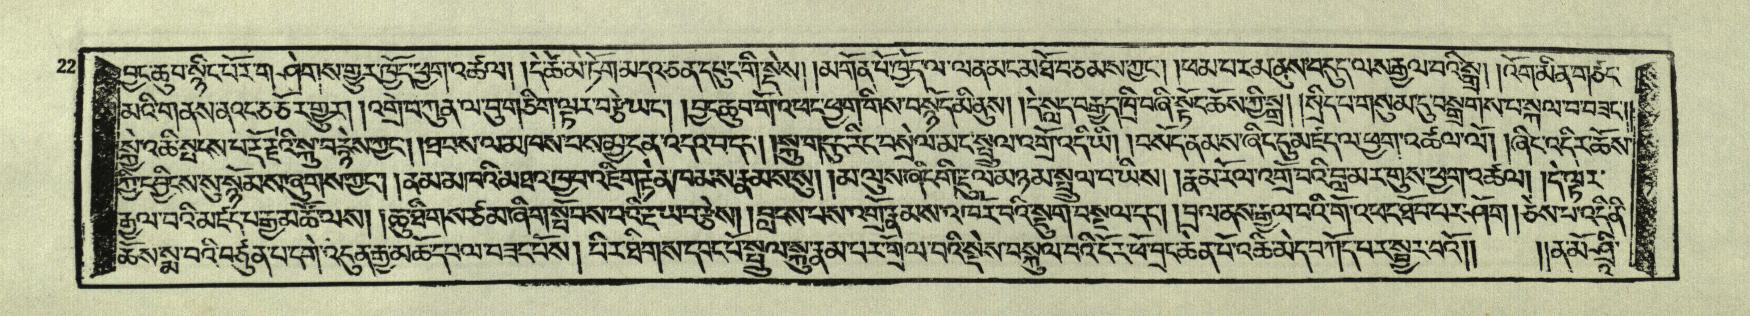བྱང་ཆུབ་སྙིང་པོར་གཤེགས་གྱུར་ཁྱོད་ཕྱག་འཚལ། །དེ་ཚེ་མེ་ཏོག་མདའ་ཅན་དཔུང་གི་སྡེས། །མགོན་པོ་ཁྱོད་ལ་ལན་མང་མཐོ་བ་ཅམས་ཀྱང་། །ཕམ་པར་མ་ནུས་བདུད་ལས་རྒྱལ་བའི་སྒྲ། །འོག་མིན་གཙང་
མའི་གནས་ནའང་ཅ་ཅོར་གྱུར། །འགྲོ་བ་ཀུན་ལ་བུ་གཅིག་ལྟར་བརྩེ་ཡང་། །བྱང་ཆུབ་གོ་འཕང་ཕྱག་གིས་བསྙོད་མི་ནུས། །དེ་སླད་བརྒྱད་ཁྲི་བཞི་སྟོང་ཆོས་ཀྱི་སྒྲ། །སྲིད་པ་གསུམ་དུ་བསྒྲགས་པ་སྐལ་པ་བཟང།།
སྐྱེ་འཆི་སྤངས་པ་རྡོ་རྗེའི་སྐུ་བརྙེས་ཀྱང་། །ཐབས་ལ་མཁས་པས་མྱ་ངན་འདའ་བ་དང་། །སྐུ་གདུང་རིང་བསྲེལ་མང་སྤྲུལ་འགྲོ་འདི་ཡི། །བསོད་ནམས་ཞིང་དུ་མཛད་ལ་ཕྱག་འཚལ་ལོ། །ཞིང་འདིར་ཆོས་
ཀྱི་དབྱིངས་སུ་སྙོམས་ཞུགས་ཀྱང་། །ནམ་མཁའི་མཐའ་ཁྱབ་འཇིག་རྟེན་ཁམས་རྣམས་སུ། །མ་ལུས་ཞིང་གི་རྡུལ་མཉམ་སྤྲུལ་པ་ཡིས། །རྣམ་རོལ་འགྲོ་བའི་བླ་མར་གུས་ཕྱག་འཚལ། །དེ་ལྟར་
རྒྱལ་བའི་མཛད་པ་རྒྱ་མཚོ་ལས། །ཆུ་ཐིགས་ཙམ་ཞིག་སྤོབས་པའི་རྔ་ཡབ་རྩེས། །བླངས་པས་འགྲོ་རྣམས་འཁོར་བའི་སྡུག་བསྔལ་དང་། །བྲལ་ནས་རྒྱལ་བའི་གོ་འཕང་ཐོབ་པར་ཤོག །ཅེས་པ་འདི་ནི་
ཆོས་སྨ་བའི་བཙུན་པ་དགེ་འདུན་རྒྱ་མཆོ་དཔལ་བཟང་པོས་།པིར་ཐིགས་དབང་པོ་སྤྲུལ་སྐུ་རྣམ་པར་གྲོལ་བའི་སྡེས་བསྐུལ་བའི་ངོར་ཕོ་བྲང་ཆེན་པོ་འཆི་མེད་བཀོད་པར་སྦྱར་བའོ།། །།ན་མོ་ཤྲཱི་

________________________

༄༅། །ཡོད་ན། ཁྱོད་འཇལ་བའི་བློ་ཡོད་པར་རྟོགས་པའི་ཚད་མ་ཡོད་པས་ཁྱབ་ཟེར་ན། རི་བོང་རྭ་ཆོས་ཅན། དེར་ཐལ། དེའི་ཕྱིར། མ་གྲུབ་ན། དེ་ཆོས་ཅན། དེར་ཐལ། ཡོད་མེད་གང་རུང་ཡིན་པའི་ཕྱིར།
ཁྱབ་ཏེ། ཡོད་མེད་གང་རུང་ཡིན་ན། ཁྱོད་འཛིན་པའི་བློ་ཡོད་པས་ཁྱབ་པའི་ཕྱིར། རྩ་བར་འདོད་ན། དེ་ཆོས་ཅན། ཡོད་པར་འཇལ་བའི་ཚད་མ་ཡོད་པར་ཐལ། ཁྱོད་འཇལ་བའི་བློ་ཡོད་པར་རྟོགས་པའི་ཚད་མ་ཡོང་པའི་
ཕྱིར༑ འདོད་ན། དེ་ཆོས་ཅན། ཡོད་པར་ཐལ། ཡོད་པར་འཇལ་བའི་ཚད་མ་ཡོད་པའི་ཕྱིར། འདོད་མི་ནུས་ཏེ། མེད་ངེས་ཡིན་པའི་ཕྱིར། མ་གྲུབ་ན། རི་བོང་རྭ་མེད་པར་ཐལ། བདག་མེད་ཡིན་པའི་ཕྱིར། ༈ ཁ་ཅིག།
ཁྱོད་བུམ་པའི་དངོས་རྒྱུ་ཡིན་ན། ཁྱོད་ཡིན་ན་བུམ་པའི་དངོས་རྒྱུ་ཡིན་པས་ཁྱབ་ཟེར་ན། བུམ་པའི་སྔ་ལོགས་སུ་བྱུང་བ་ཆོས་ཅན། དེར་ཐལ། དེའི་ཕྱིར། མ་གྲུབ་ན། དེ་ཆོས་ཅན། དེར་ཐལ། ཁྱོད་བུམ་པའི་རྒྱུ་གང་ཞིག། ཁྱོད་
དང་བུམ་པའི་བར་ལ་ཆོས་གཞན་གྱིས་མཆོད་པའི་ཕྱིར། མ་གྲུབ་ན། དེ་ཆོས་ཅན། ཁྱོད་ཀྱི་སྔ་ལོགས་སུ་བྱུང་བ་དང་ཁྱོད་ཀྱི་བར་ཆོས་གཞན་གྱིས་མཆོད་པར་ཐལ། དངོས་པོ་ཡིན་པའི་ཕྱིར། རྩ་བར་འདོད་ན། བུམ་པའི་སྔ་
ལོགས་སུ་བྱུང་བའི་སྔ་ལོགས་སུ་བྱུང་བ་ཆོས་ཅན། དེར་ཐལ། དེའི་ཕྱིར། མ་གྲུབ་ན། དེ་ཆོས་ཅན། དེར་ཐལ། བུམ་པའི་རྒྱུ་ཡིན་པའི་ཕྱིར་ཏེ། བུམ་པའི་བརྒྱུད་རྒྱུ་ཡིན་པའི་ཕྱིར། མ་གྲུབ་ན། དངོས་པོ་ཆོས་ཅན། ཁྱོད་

________________________

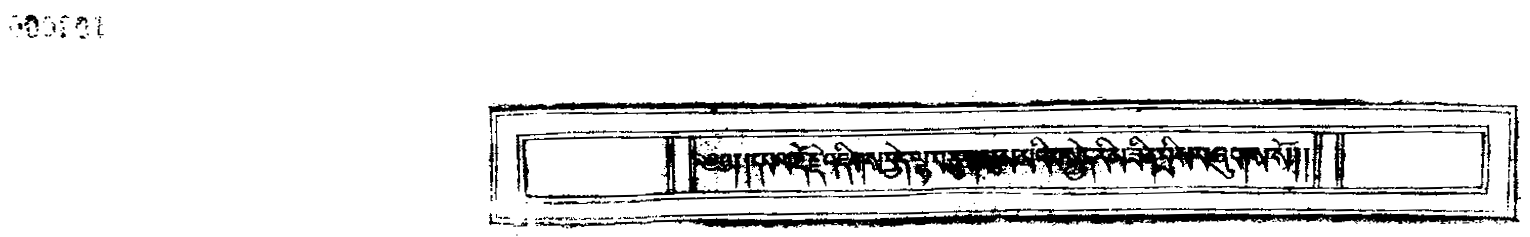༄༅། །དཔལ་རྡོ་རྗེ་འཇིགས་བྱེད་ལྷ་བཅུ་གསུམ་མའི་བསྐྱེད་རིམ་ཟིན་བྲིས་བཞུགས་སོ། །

________________________

(What to do)
From the records above, reproduce exactly the lines from the one with "དེར་ཐལ། ཁྱོད་བུམ་པའི་རྒྱུ་གང་ཞིག། ཁྱོད་" to the one with "ལོགས་སུ་བྱུང་བའི་སྔ་ལོགས་སུ་བྱུང་བ་ཆོས་ཅན། དེར་ཐལ། དེའི་ཕྱིར།", both included, and no others.

(Exercise output)
ཁྱོད་བུམ་པའི་དངོས་རྒྱུ་ཡིན་ན། ཁྱོད་ཡིན་ན་བུམ་པའི་དངོས་རྒྱུ་ཡིན་པས་ཁྱབ་ཟེར་ན། བུམ་པའི་སྔ་ལོགས་སུ་བྱུང་བ་ཆོས་ཅན། དེར་ཐལ། དེའི་ཕྱིར། མ་གྲུབ་ན། དེ་ཆོས་ཅན། དེར་ཐལ། ཁྱོད་བུམ་པའི་རྒྱུ་གང་ཞིག། ཁྱོད་
དང་བུམ་པའི་བར་ལ་ཆོས་གཞན་གྱིས་མཆོད་པའི་ཕྱིར། མ་གྲུབ་ན། དེ་ཆོས་ཅན། ཁྱོད་ཀྱི་སྔ་ལོགས་སུ་བྱུང་བ་དང་ཁྱོད་ཀྱི་བར་ཆོས་གཞན་གྱིས་མཆོད་པར་ཐལ། དངོས་པོ་ཡིན་པའི་ཕྱིར། རྩ་བར་འདོད་ན། བུམ་པའི་སྔ་
ལོགས་སུ་བྱུང་བའི་སྔ་ལོགས་སུ་བྱུང་བ་ཆོས་ཅན། དེར་ཐལ། དེའི་ཕྱིར། མ་གྲུབ་ན། དེ་ཆོས་ཅན། དེར་ཐལ། བུམ་པའི་རྒྱུ་ཡིན་པའི་ཕྱིར་ཏེ། བུམ་པའི་བརྒྱུད་རྒྱུ་ཡིན་པའི་ཕྱིར། མ་གྲུབ་ན། དངོས་པོ་ཆོས་ཅན། ཁྱོད་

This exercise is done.